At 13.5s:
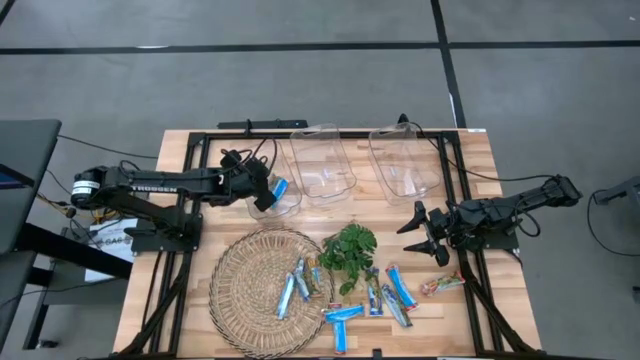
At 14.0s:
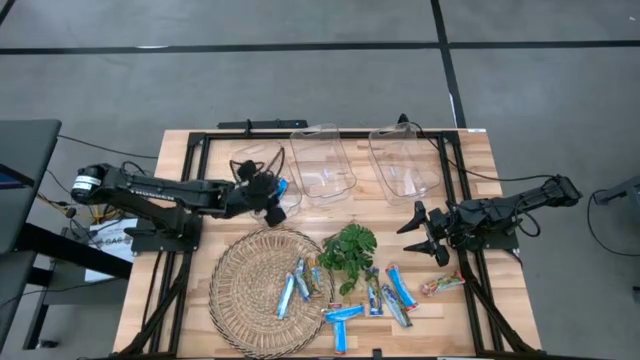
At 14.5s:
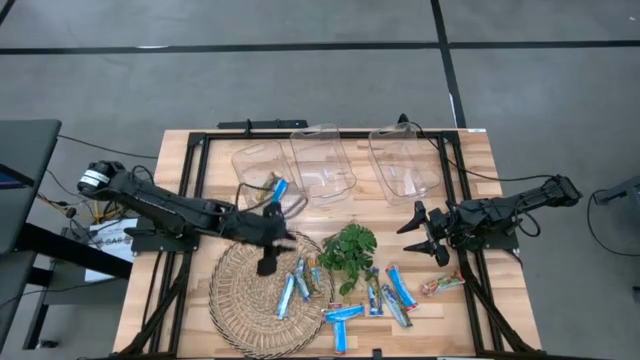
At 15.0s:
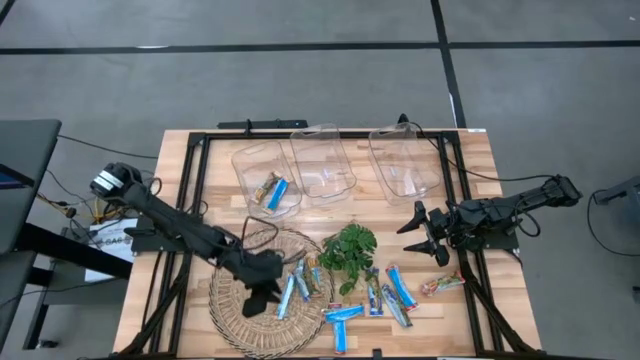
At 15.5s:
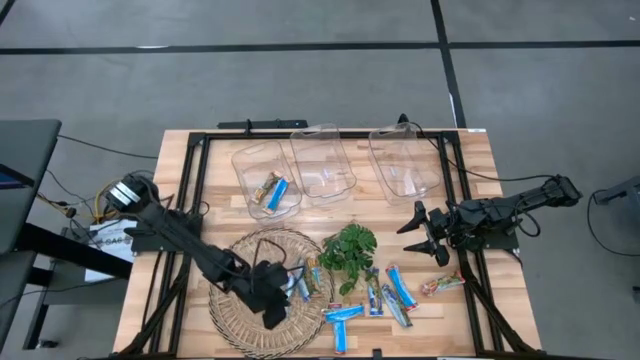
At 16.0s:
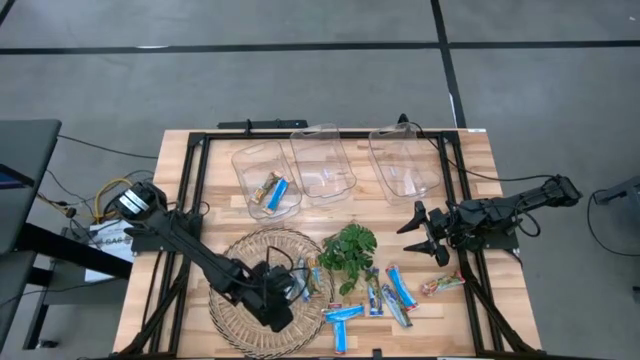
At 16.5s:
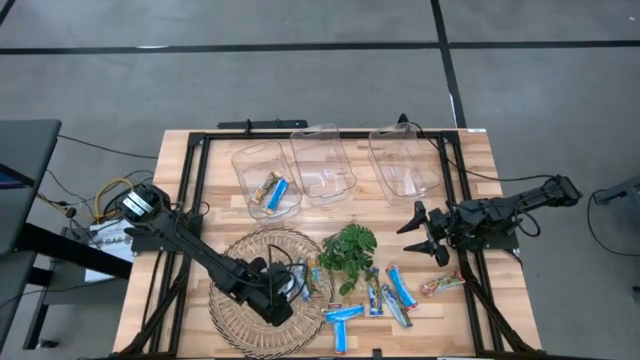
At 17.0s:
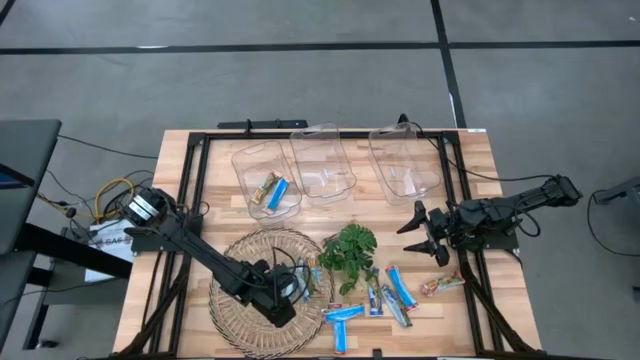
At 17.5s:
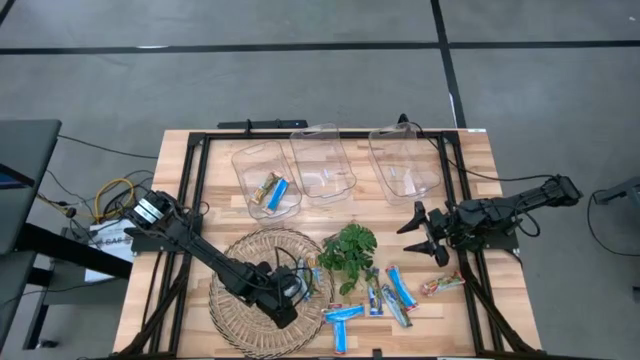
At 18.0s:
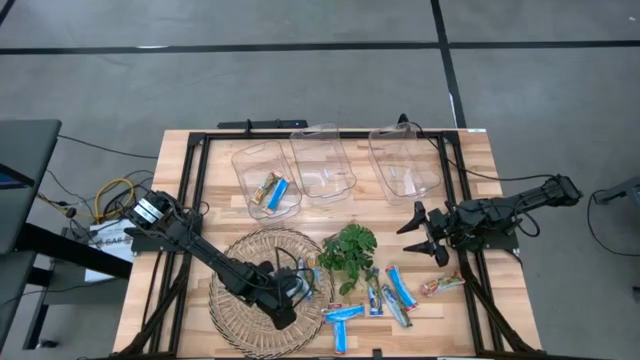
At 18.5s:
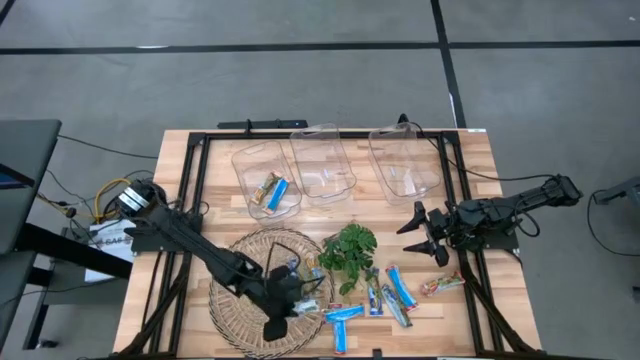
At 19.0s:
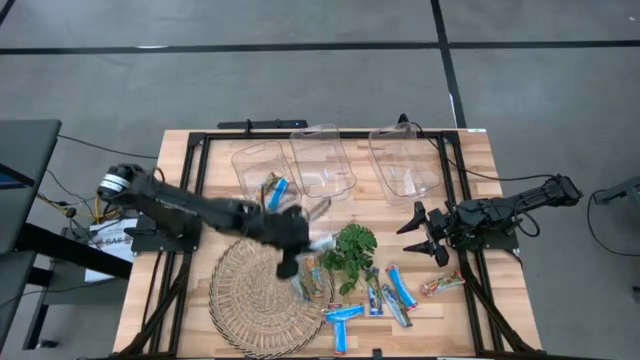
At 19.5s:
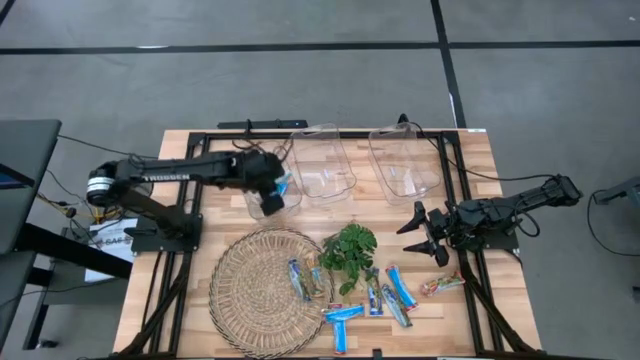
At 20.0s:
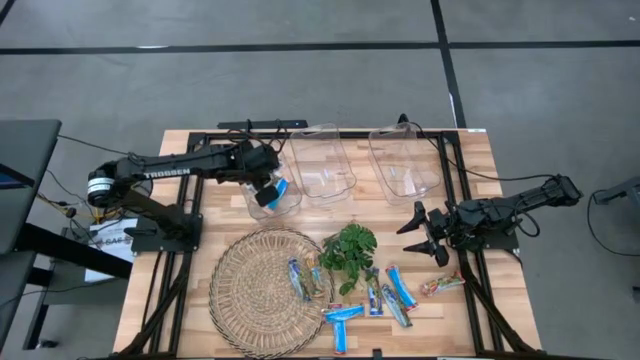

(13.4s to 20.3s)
Put the left yellow granola bar into the left transparent bin

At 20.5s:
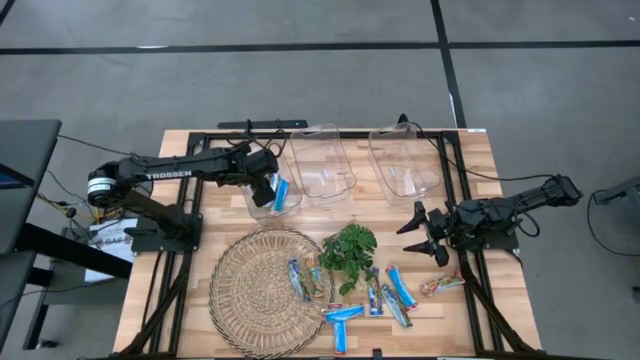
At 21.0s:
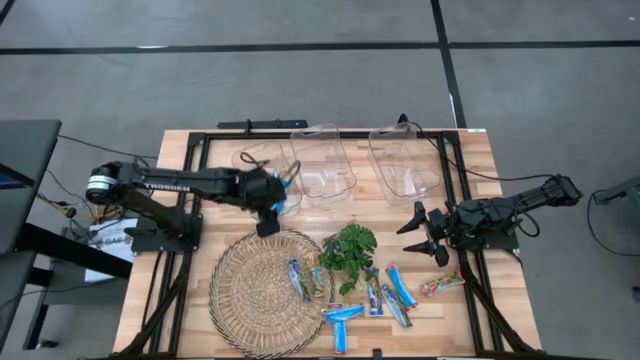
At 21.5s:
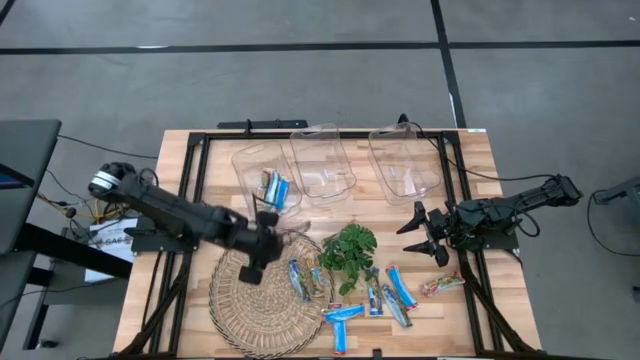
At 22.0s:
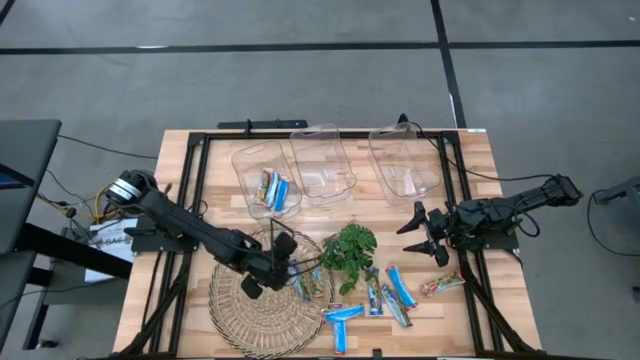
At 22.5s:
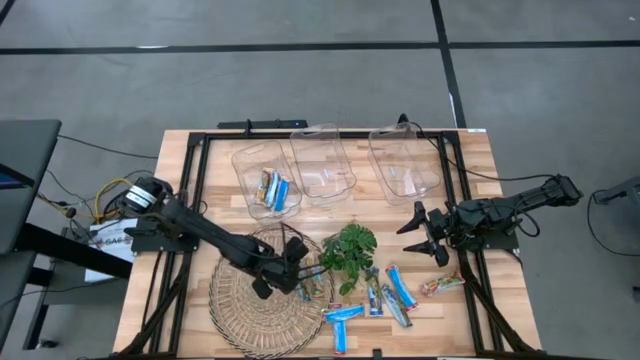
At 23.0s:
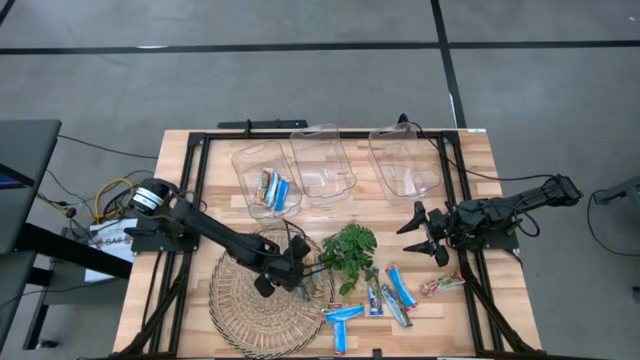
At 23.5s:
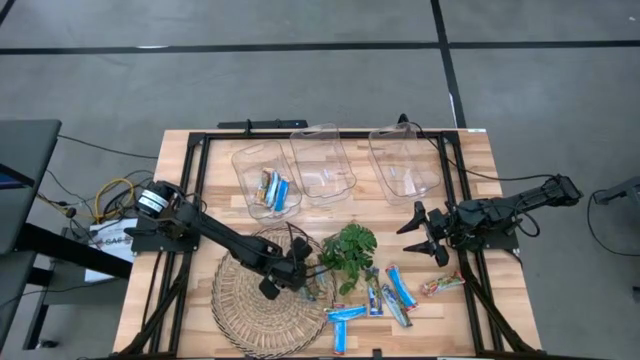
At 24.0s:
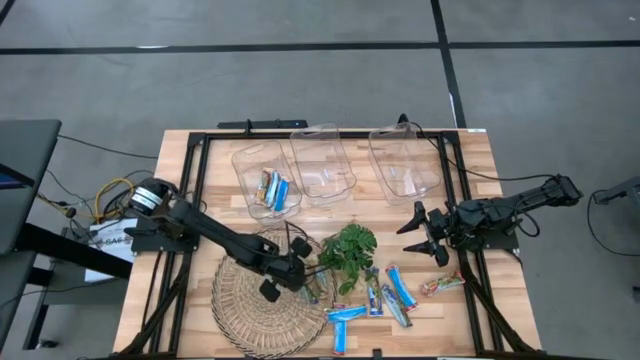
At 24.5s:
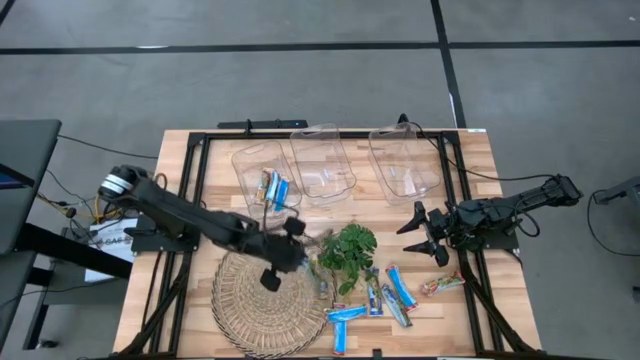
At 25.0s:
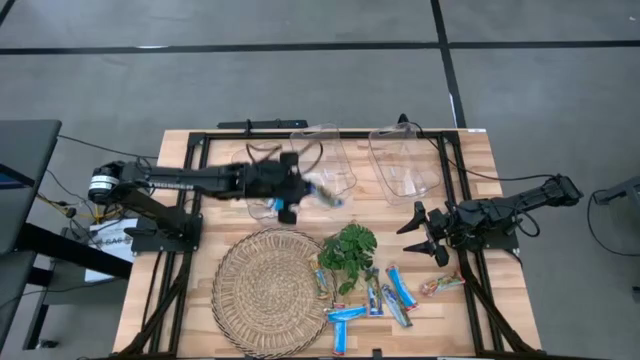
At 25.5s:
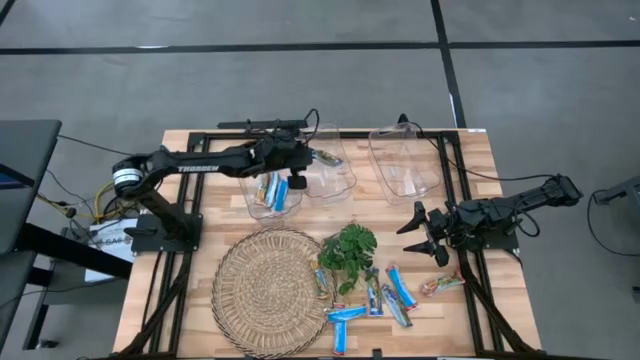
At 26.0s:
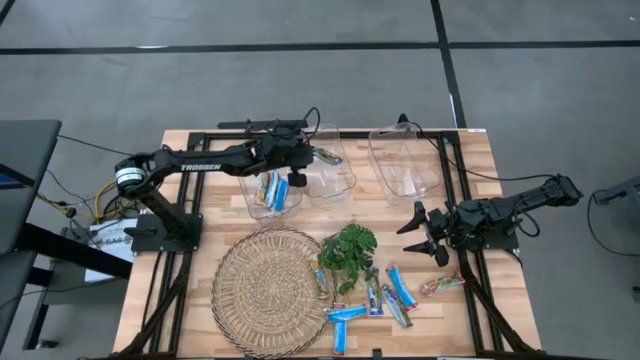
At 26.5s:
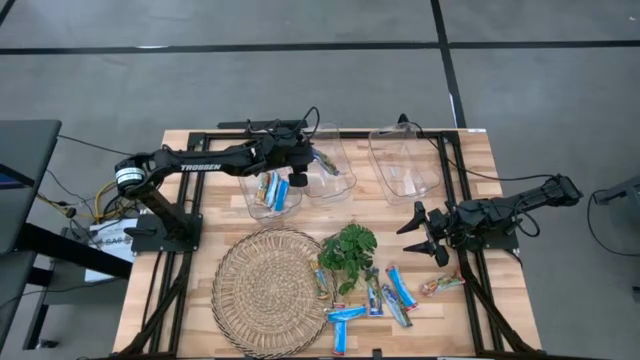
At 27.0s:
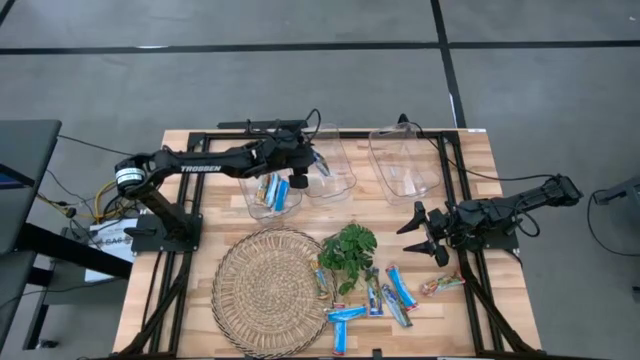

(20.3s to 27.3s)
Put the left blue granola bar into the middle transparent bin

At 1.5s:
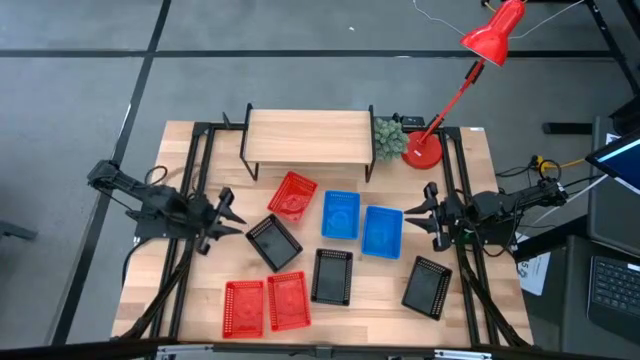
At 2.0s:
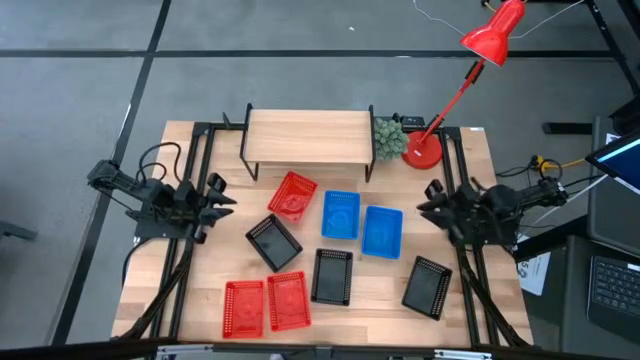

**Aim of the task:** Output the records above exactly, leaving out pictures.

**Output of the exercise:**
At 13.5s:
At 14.0s:
At 14.5s:
At 15.0s:
At 15.5s:
At 16.0s:
At 16.5s:
At 17.0s:
At 17.5s:
At 18.0s:
At 18.5s:
At 19.0s:
At 19.5s:
At 20.0s:

(13.4s to 20.3s)
Put the left yellow granola bar into the left transparent bin

At 20.5s:
At 21.0s:
At 21.5s:
At 22.0s:
At 22.5s:
At 23.0s:
At 23.5s:
At 24.0s:
At 24.5s:
At 25.0s:
At 25.5s:
At 26.0s:
At 26.5s:
At 27.0s:

(20.3s to 27.3s)
Put the left blue granola bar into the middle transparent bin

At 1.5s:
At 2.0s:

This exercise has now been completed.